Hadoop batch with 0.10.1

Has any one been able to successfully do a hadoop based batch ingestion with 0.10.1 and newer releases?

In the logs we see that with 0.9.1, the loadspec was:

loadSpec:

{

“type”:“s3_zip”,

“bucket”:“s3bucket”,

“key”:"/druid/ … /index.zip"

}

And with 0.10.1, the loadspec is:

loadSpec:

{

“type”:“local”,

“path”:"/druid/ … /index.zip"

}

Because of the wrong load spec, the historical nodes are not able to download any segments.

Loading data using the below spec worked fine on 0.9.1, but has been broken since we upgraded our environment to use 0.10.1 for batch ingest.

"ioConfig": {

    "inputSpec": {

        "table_path": "path",

        "paths": "s3n://inputpath",

        "type": "static"

    },

    "metadataUpdateSpec": {

        "connectURI": "jdbc:mysql://[druid.db.prod.abc.net:3306/druid](http://druid.db.prod.abc.net:3306/druid)",

        "segmentTable": "druid_test_segments",

        "type": "mysql",

        "user": "druid"

    },

    "segmentOutputPath": "s3n://segment_output_path/bdp_druid_test",

    "type": "hadoop"

},

"tuningConfig": {

    "jobProperties": {

        "mapreduce.map.speculative": false,

        "mapreduce.output.fileoutputformat.compress": false,

        "mapreduce.reduce.memory.mb": 6144,

        "mapreduce.reduce.speculative": false,

        "mapreduce.user.classpath.first": true,

    },

    "leaveIntermediate": false,

    "partitionsSpec": {

        "numShards": 200,

        "partitionDimensions": [

            "alloc_id"

        ],

        "type": "hashed"

    },

    "type": "hadoop",

    "workingPath": "/tmp/druid/c1714a73-fe87-11e7-8c2c-784f4390605c"

}

Hi, Samarth, we’ve been successfully running Hadoop batch ingestion with Druid 0.10.1 for quite some time. The trick to getting it working is to use the correct version of the Hadoop client libraries. Druid 0.10.1 was built against Hadoop 2.7.3, so you need to make sure that you have the 2.7.3 libraries in the hadoop-dependencies directory of your Druid installation.

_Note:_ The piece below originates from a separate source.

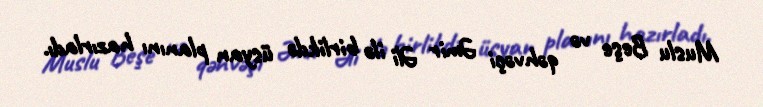
Muslu Beşe və qəhvəçi Əmir Əli ilə birlikdə üsyan planını hazırladı.

Even if your YARN cluster is not 2.7, using the 2.7.3 client may still work. For example, our YARN cluster is 2.6 (CDH 5.8.3) and the 2.7.3 client libraries are backwards compatible. If your YARN cluster version is much older, try matching Druid’s hadoop client library to your cluster’s version as detailed here: http://druid.io/docs/latest/operations/other-hadoop.html. Also, be sure to set the hadoopDependencyCoordinates property in your indexing task:

“hadoopDependencyCoordinates” : [ “org.apache.hadoop:hadoop-client:2.7.3” ],

Thanks for the reply, TJ. Where is your input data stored? And where are you writing the segment files to? In our case, both locations point to an S3 bucket.
Are you configuring druid.storage.type somewhere? Or are you supplying it as a param to your map-reduce job?

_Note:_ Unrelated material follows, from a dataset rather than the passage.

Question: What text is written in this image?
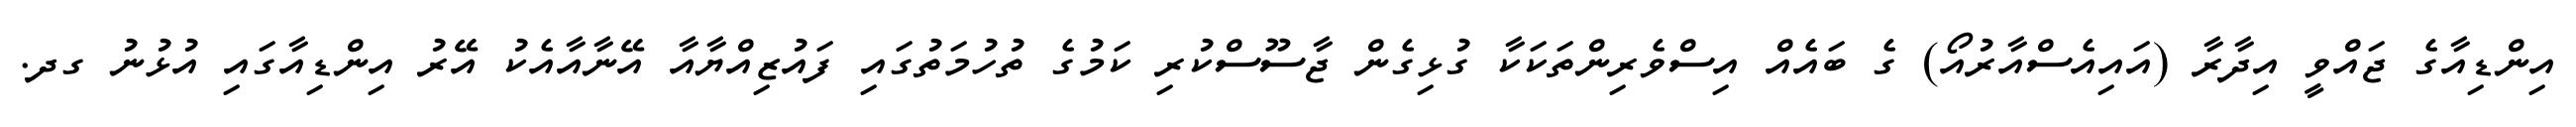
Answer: އިންޑިއާގެ ޖައްވީ އިދާރާ (އައިއެސްއާރުއޯ) ގެ ބައެއް އިސްވެރިންތަކަކާ ގުޅިގެން ޖާސޫސްކުރި ކަމުގެ ތުހުމަތުގައި ފައުޒިއްޔާއާ އޭނާއާއެކު އޭރު އިންޑިއާގައި އުޅުނު ގދ.

We use HDFS to store both the input data for reingestion as well as the output segments. We set druid.storage.type to “hdfs” in the common properties file used by all Druid services (_common/common.runtime.properties) as well as directly in the Middle Manager configs so that the peons also use HDFS: druid.indexer.fork.property.druid.storage.type=hdfs.

Hi Samarth,

You’ll need to set druid.storage.type=hdfs in your common runtime properties in 0.10.1 druid or later.

In previous versions, the loadSpec was determined from the URL, but now this decision is made using the configured druid.storage.type property.

Or in this case since you’re using S3, druid.storage.type=s3

Thanks for replying Jonathan and TJ. I will make necessary changes on my side.

The behavior change tripped us since we have never included the common.runtime.properties file in the classpath of the HadoopDruidIndexerJob before. The release notes for 0.10.1 https://github.com/druid-io/druid/issues/4384 didn’t mention this new requirement either.